Sirsaganj is located at . It has an average elevation of 162 metres (531 feet).

Sirsaganj is situated at the bank of the river Sirsa. However, the river has gone dry and there are only ruins of the river left in the town.

==People and culture==

In the town of Sirsaganj, there live 4,404 families constituting a population of 28,212 persons. There live 14,926 males and 13,286 females in Sirsaganj. The sex ratio of Sirsaganj is 887.98 females per 1000 males.

Hinduism is the main religion here. Muslims, Jains, and Sikhs are in minorities. In Hindus, Chandravanshi Rajputs are in majority. This area is mainly inhabited by Yadav and also has a significant population of Sengar and Jadon Rajputs (Chandravanshi) .Jadon Rajputs of sirsaganj are descended from Karauli state via Avagarh state . Spiritual culture of this city is defined as a nearby radius of 5–10 km like Hanumaan Bari, Samor Baba, Jaimai Mata Mandir, Jaduwara, Radha Krishna Mandir, Shri Shakleshwar Mahadev, Shri Vankhandeshwar and Baba Dudhadhari Mandir.

Generally, people of Sirsaganj mainly speak Braj Bhasha which is a dialect of Hindi. People also speak standard Hindi. Many people in the town also have fluency in English. There are also a few speakers of Urdu and Punjabi.

Farming and shopkeeping is the main occupation of the people of Sirsaganj. In Sirsaganj there also live a large number of businesspeople, servicemen, lawyers, and teachers.most of the people are related to agriculture, and potato is the main crop here.

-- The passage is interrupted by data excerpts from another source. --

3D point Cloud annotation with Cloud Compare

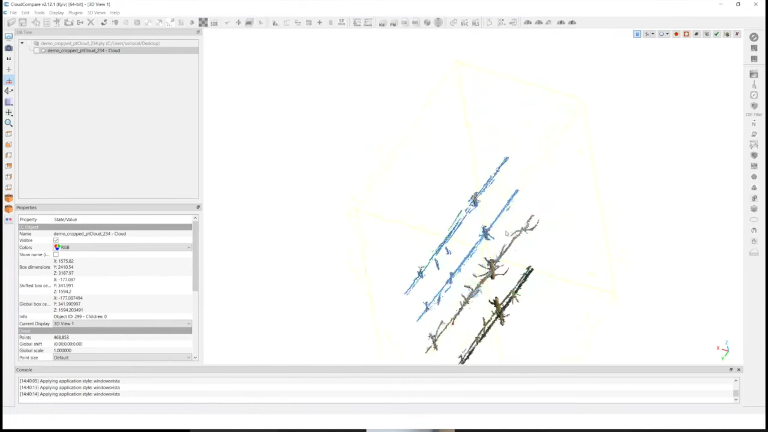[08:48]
Là, je vois que j'ai des branches.
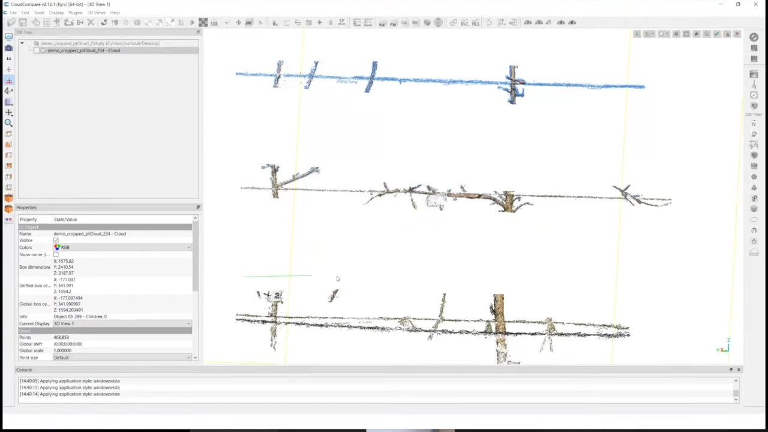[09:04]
Donc, là, j'essaie d'aller plus rapidement parce que je n'ai pas suffisamment de temps.
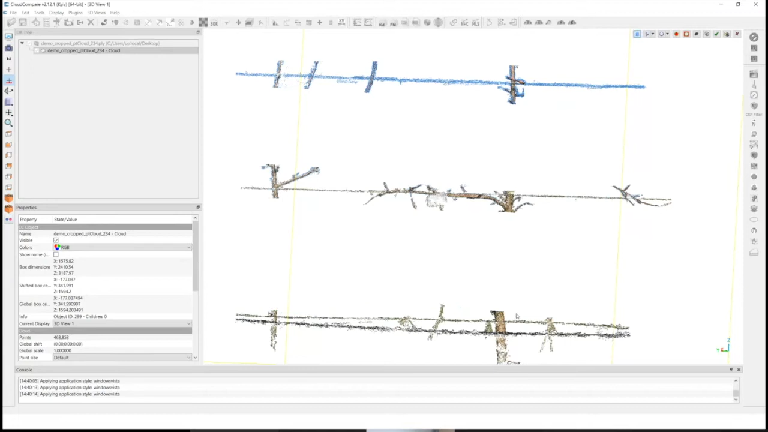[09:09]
Mais vous avez compris l'objectif. Donc, là, il faut avoir de la patience. Et il ne faut pas hésiter à zoomer pour être sûr que la partie qu'on va
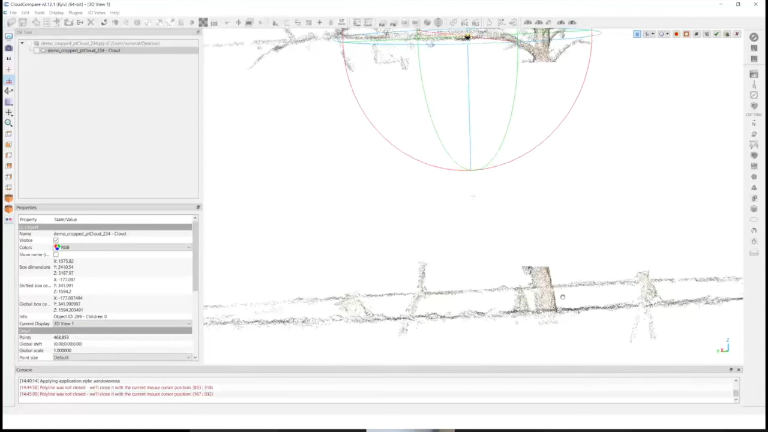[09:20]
supprimer ne fait pas partie du fil. Donc, là, effectivement, je garde des bouts de branches, etc.
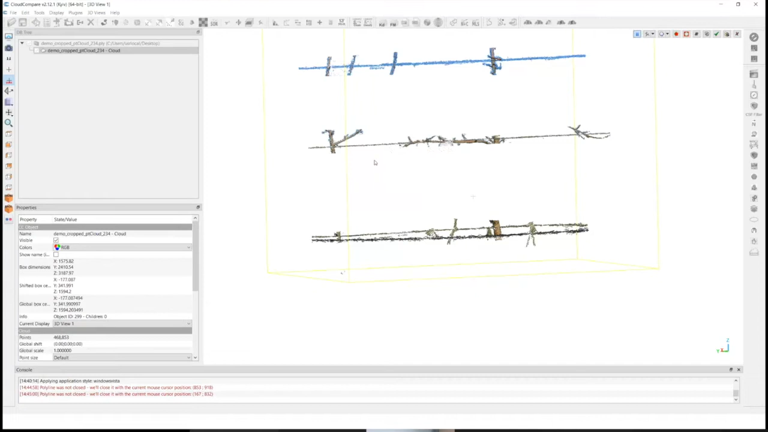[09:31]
On va dire, même si ce n'est pas parfait, on va dire que ce n'est pas mal.
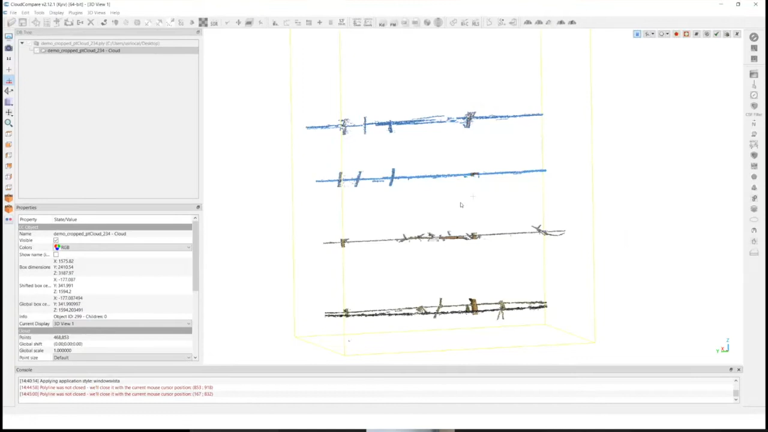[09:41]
Et donc, là, je vais cliquer sur confirme. Donc, là, j'ai confirmé la segmentation. Donc, là,
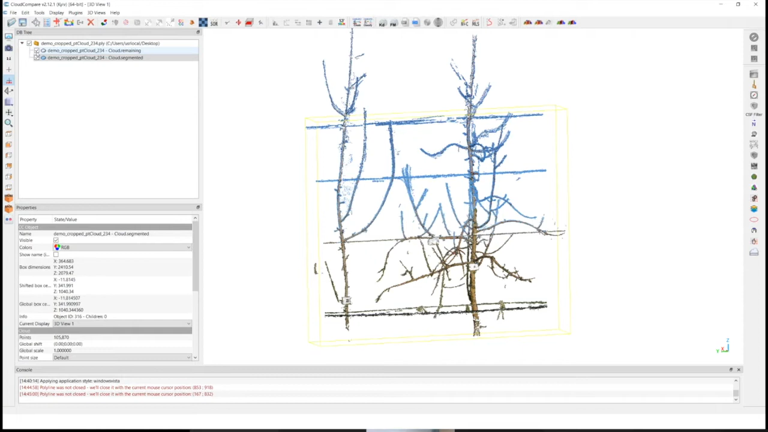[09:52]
si je sélectionne juste la partie segmentée, j'ai mes fils qui sont segmentés. Et si je regarde l'autre partie, j'ai juste les arbres.
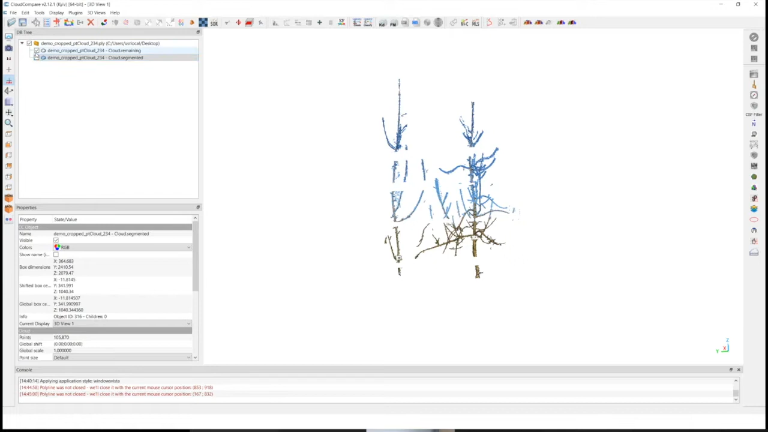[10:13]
Donc, là, qu'est-ce qu'il reste à faire ? Il reste à labelliser tout simplement, à signer une étiquette, un label, un numéro, un code couleur. Donc, là, pour les apps, par exemple, je vais mettre Edit, Colors, Set, Unique. Et je vais mettre, par exemple, du vert.
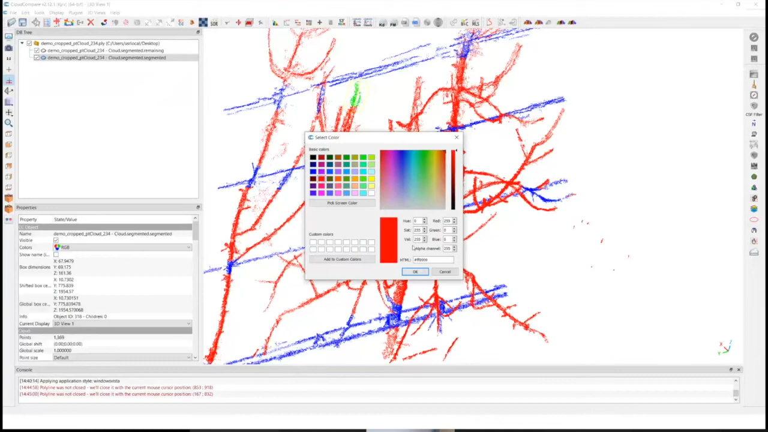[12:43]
voilà. Et au final, voilà, j'ai corrigé cette erreur. Et je peux faire ça par rapport à toutes les zones où j'ai une incertitude.
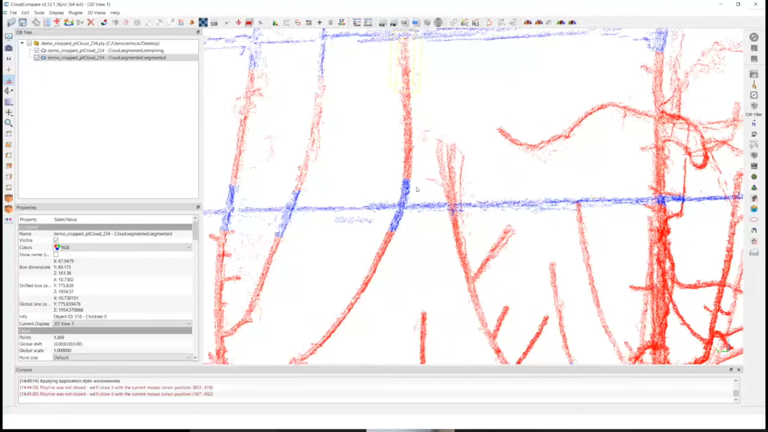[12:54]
Par exemple, là, on voit qu'en final, ça, c'est une branche. Ce n'est pas le fil. Là aussi, là aussi, parce que j'étais très rapide. Juste pour vous montrer le potentiel de l'application.
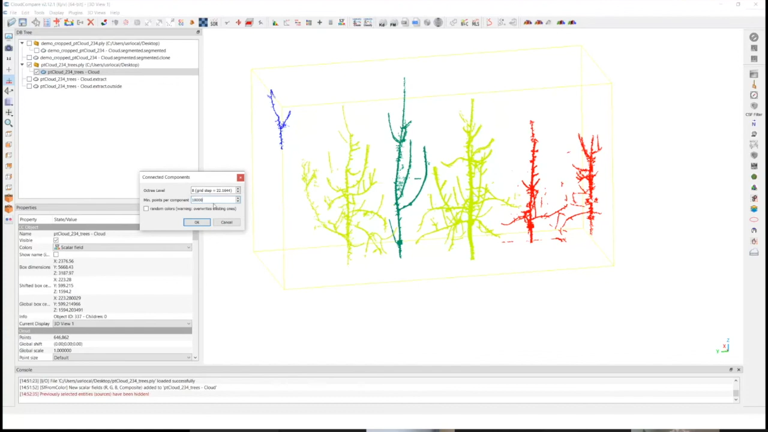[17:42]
Et du coup, voilà, il y a des techniques qu'on apprend après pour séparer. Vous avez aussi la possibilité d'utiliser ce qu'on appelle du Connected Component pour récupérer vos composantes connectées. Par exemple, on va dire sur chaque composante, il y a presque 10 000 points. Donc, voilà.
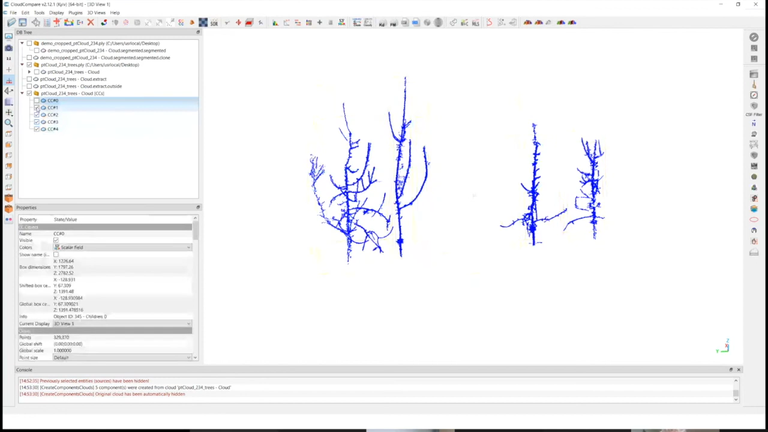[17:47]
Ça vous permet de récupérer les 5 apps. Mais ça, c'est des techniques. Comme je vous dis, ça dépend du problème.
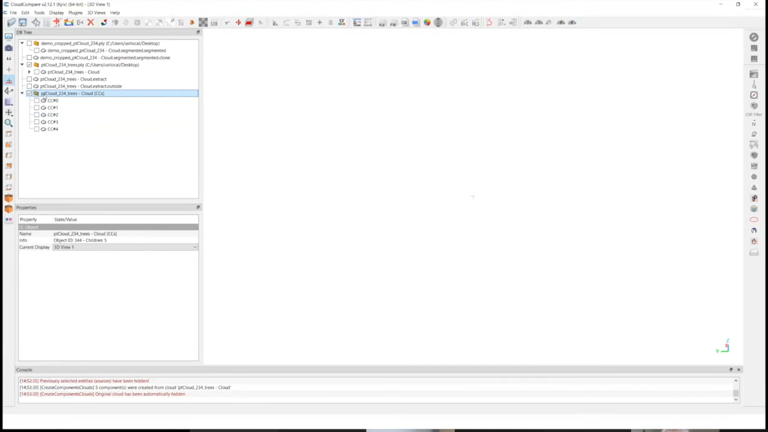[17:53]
Et la dernière chose à dire, avant que je laisse la parole à David, c'est qu'il existe aussi la possibilité d'une annotation,
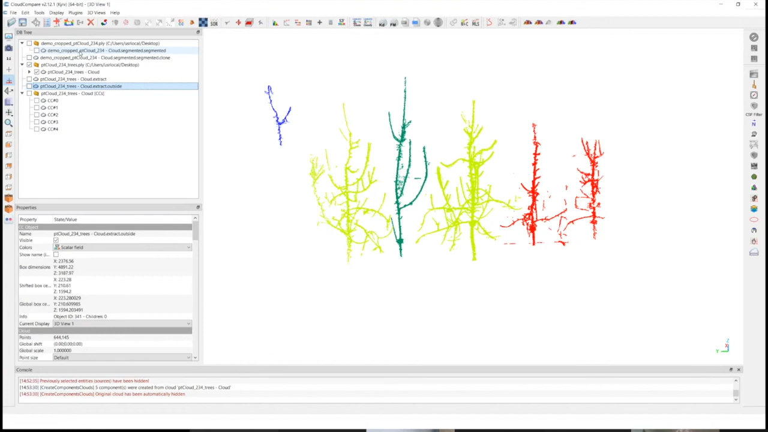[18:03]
mais pas au niveau de l'abilisation, mais plutôt au niveau de points. Par exemple, supposons que j'ai un nuage de points contenant des fruits.
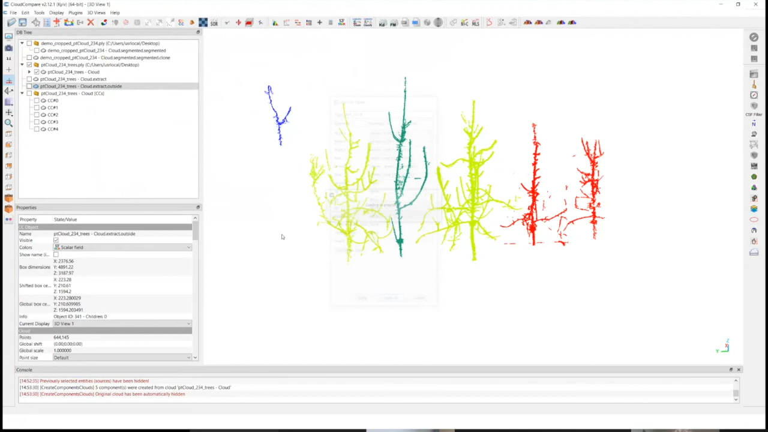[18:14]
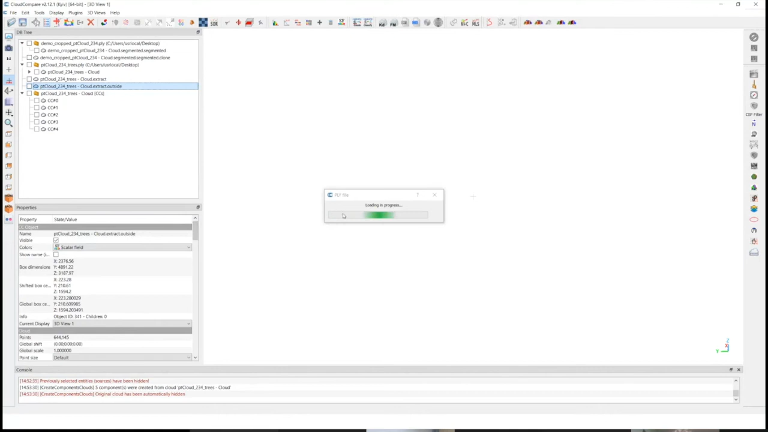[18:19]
Donc là, vous regardez que ça prend plus de temps. C'est normal parce que j'ai beaucoup plus de points.
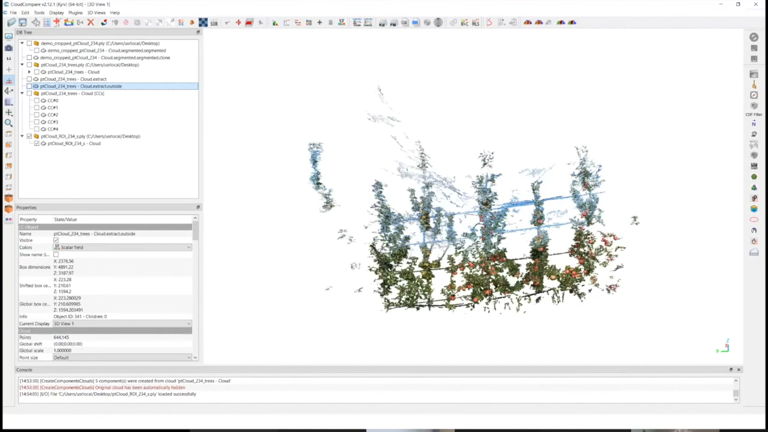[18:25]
Donc ça, c'est un poignet avec les fruits, etc. Et donc, moi, j'ai lancé un algorithme de détection des fruits et je veux comparer à la vérité terrain.
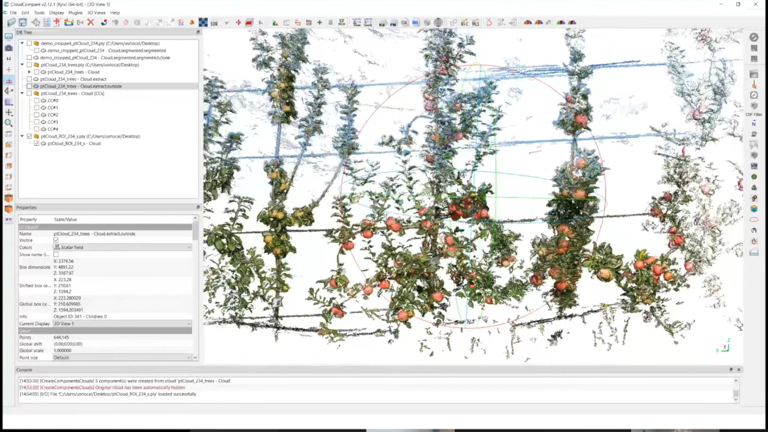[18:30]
Donc, une méthode,
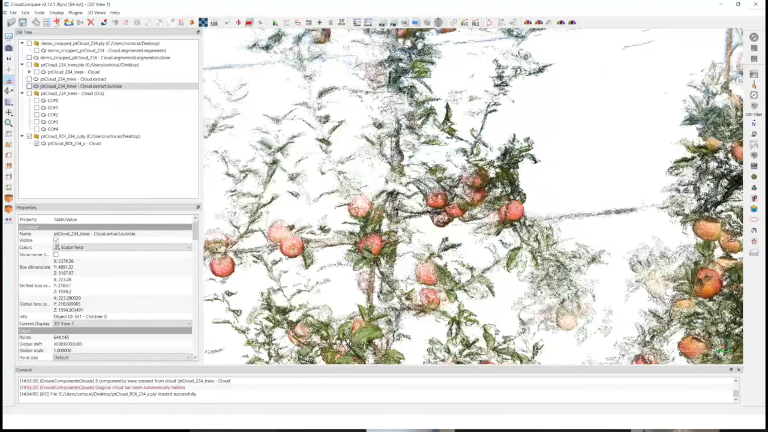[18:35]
c'est de labelliser le centre de ces Connected Components qui sont les fruits. Et comment faire ? Du coup, il y a ce Point List Pick-in qui permet de sélectionner le centre estimé.
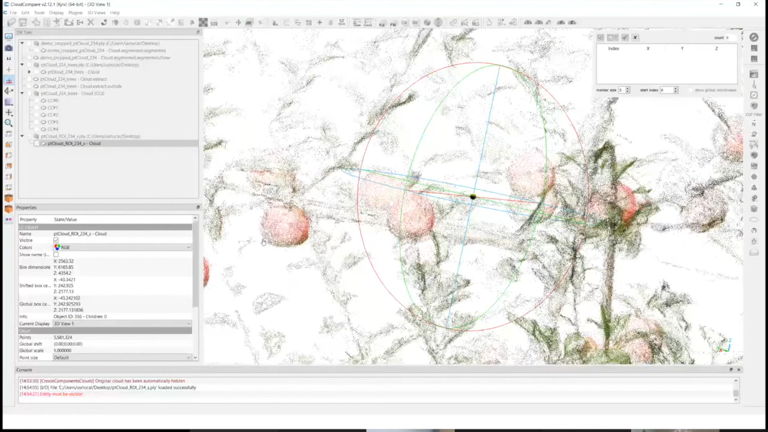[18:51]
Donc, c'est très difficile, mais bon, il faut avoir de la patience. Et donc, voilà. Donc là, c'est un point labellisé avec son index, avec ses coordonnées en 3D.

People of the town are generally treated as prospers. But there also live a large number of people under the poverty line. However, this town is considered a peaceful residence. It has a rich culture where people are conservative. A large number of people wear traditional clothes.

==Potatoes and cold storages==

Potatoes are the chief crop grown in the town of Sirsaganj. Potatoes production is highly notable in the town. The maximum supply of potatoes from here is to Mumbai. Sirsaganj also has a reputed Potato Mandi of Uttar Pradesh. Wheat and chili are other major crops grown in Sirsaganj.

Sirsaganj is also famous for cold storages. There are more than 100 cold storages in the Sirsaganj and nearby. Thus Sirsaganj has a storage capacity of tonnes of biodegradable materials. Sirsaganj feeds many cities around it as chief storage market. Storage capacity is the major means of the economy of Sirsaganj.S.K.D Coldstorage are famous cold of sirsaganj

==Education==

There are 4 intermediate schools of U.P. board, 5 C.B.S.E. 10+2 school, 3-degree colleges, and many other schools of play way, primary and secondary level in the town of Sirsaganj. There is a large number of teachers giving private tuition. But still, the quality of education is very high as compared to the competition level. Teachers for the U.P. board are enough but quality C.B.S.E. teachers are rare.

Every year a large number of students go outside for higher studies and coachings. However, the success rate even after coaching remains very low.

However, some of the students of the town with their hard work made them clear to top institutes like IIT's, NIT's, IIIT's, NIFT, SPA's, and other Institutes of National Importance.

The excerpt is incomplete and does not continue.